Provided data START

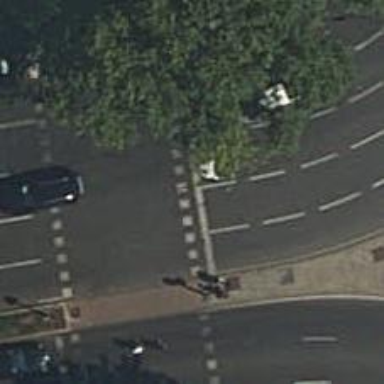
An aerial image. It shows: Road with traffic signals.
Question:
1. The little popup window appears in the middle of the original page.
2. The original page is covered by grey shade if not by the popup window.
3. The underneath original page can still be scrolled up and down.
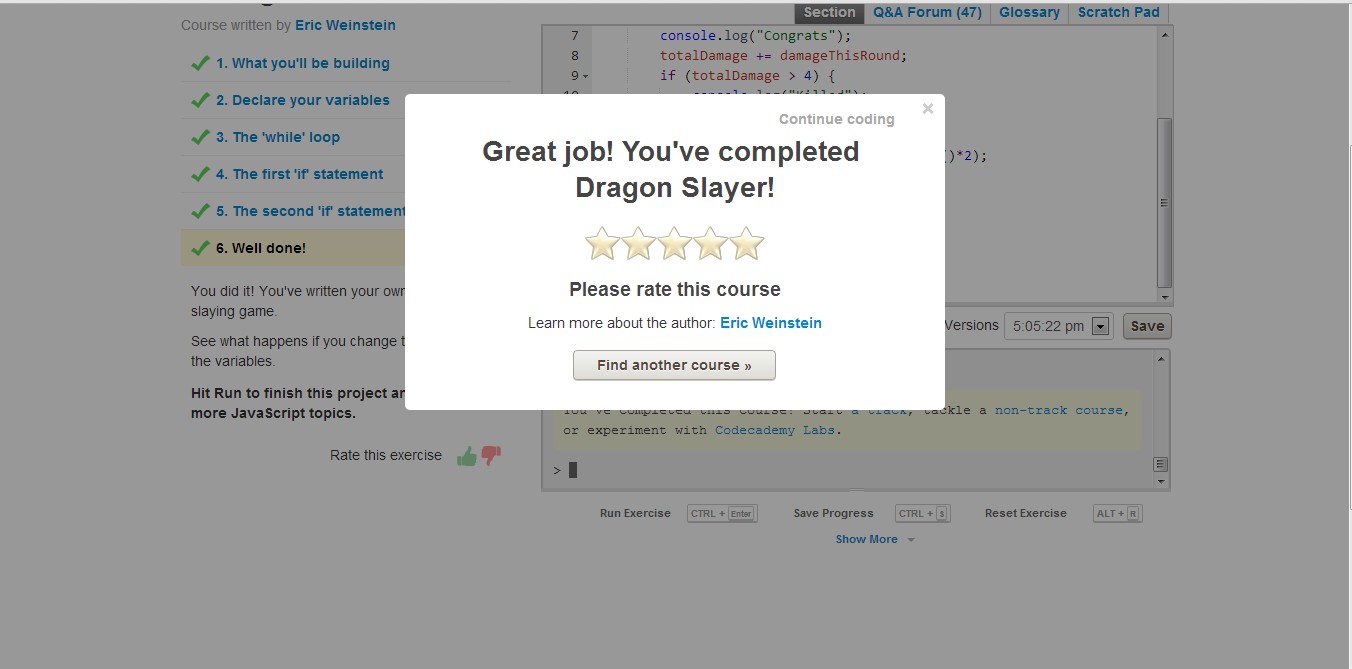
Answer: Follow these steps:
1) Create this CSS rule:
'''
.overlay {
width: 100%;
height: 100%;
position: fixed;
top: 0;
left: 0;
opacity: 0.5;
background: #666;
filter: alpha(opacity=50); /* opacity for IE browsers */
}
'''
2) Add this code to your jQuery:
'''
$("body").prepend("<div class='overlay'></div>");
'''
3) When done, remove it like this:
'''
$(".overlay").remove();
'''
Didn't test this, but it should work (maybe with very minor modifications). This is one way, if you prefer doing it by yourself. You can, however, use existing solutions such as Twitter's Bootstrap lib which is cool, and I recommend it.
<URL>
Regards.
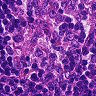
Metastatic tissue present: no
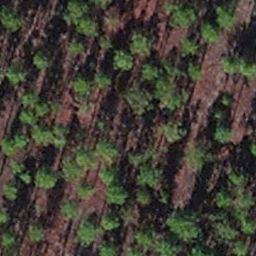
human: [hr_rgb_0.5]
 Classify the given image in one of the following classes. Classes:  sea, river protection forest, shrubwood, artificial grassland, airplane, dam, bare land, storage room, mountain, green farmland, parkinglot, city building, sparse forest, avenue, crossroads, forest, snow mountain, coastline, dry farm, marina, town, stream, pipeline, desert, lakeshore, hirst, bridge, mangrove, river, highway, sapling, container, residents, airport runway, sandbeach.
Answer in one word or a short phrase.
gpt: sapling
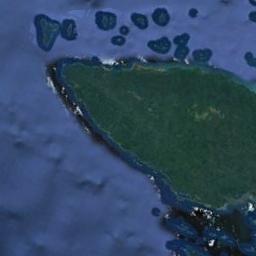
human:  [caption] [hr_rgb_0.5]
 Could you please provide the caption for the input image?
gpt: There are half green islands on the blue sea, Green vegetation on the island, And many smaller islands next to it .

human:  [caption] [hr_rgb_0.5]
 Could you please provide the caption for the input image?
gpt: Many trees are on the island .

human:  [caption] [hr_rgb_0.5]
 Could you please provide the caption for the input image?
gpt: The island is desolate .

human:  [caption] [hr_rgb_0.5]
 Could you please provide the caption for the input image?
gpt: The archipelago has a big island and some small islands and the waters around the islands is light blue .

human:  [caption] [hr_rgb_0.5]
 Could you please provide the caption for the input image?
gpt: The green island with some reefs beside is on a blue sea .
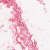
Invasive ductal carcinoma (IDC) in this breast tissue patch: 0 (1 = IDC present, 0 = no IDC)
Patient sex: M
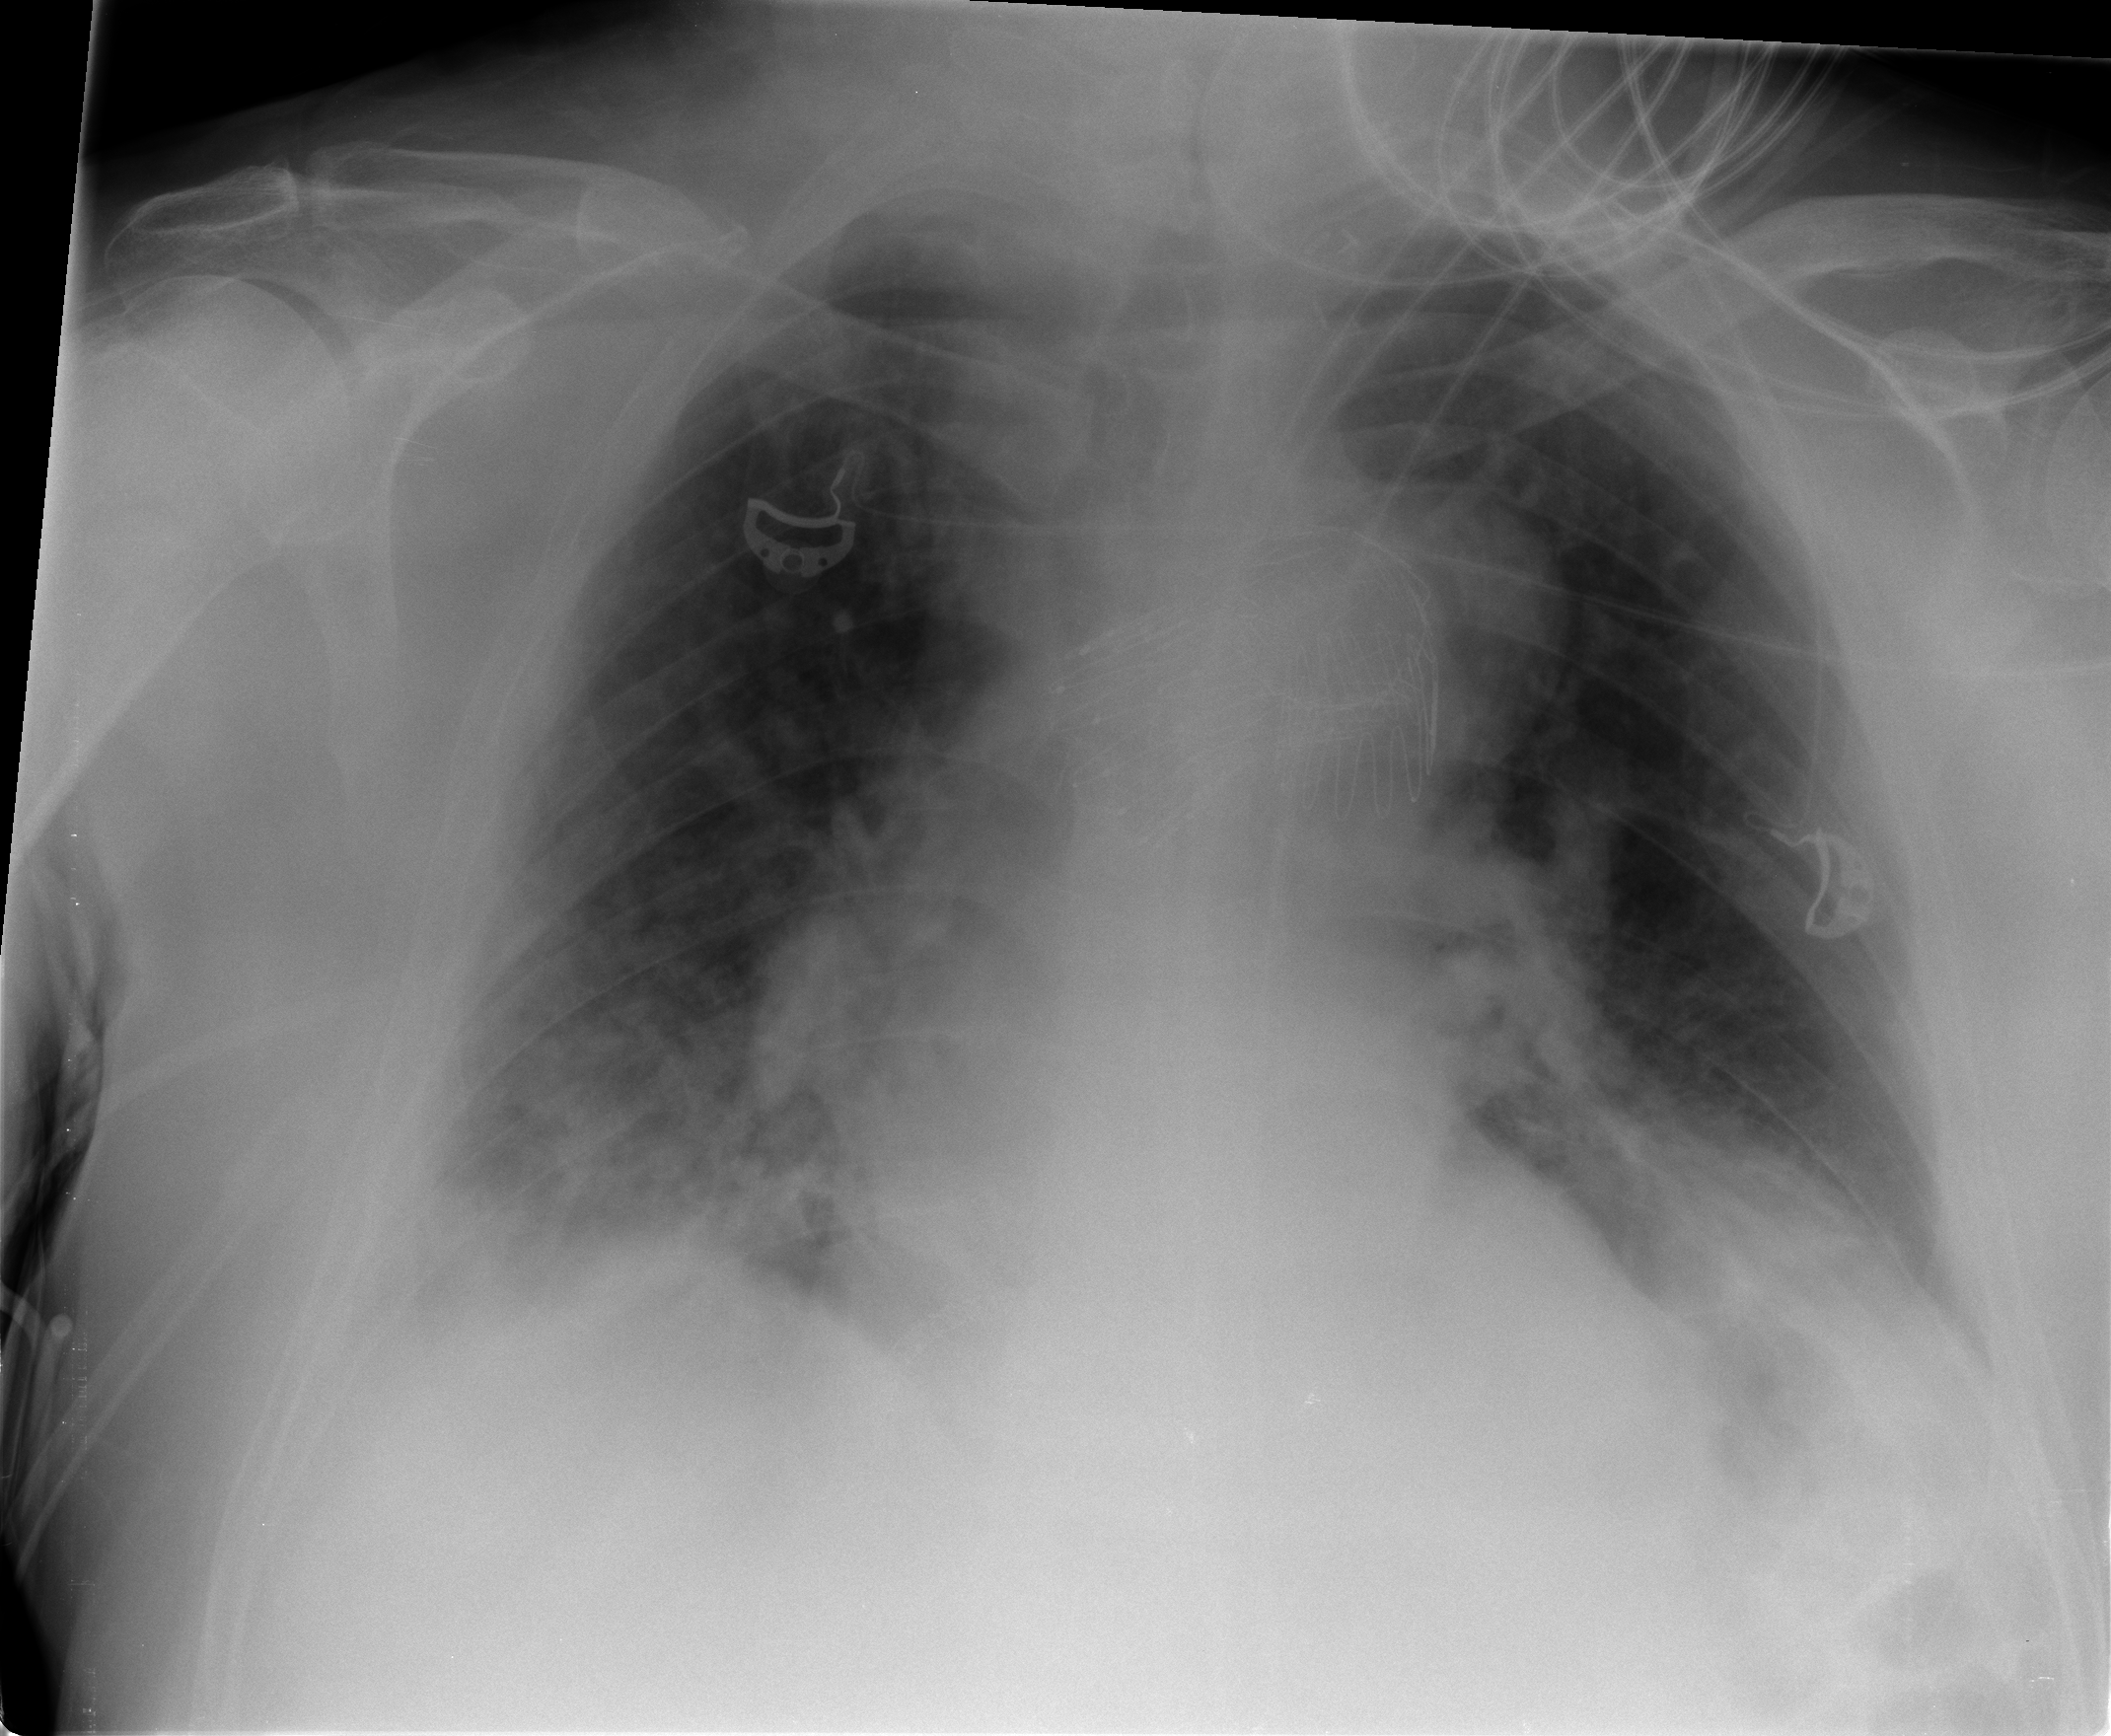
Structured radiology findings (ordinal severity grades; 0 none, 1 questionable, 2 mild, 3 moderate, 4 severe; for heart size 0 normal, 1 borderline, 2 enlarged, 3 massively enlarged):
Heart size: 2
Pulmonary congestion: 2
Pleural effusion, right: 2
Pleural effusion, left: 3
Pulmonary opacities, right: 0
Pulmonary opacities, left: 0
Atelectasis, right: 2
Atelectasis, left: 2

Provided data END

*Task prompt*:
No lines before the one containing "Pulmonary opacities, left: 0" belong in the answer; write out that line and each one after it exactly, through the end of the records.

*Solution*:
Pulmonary opacities, left: 0
Atelectasis, right: 2
Atelectasis, left: 2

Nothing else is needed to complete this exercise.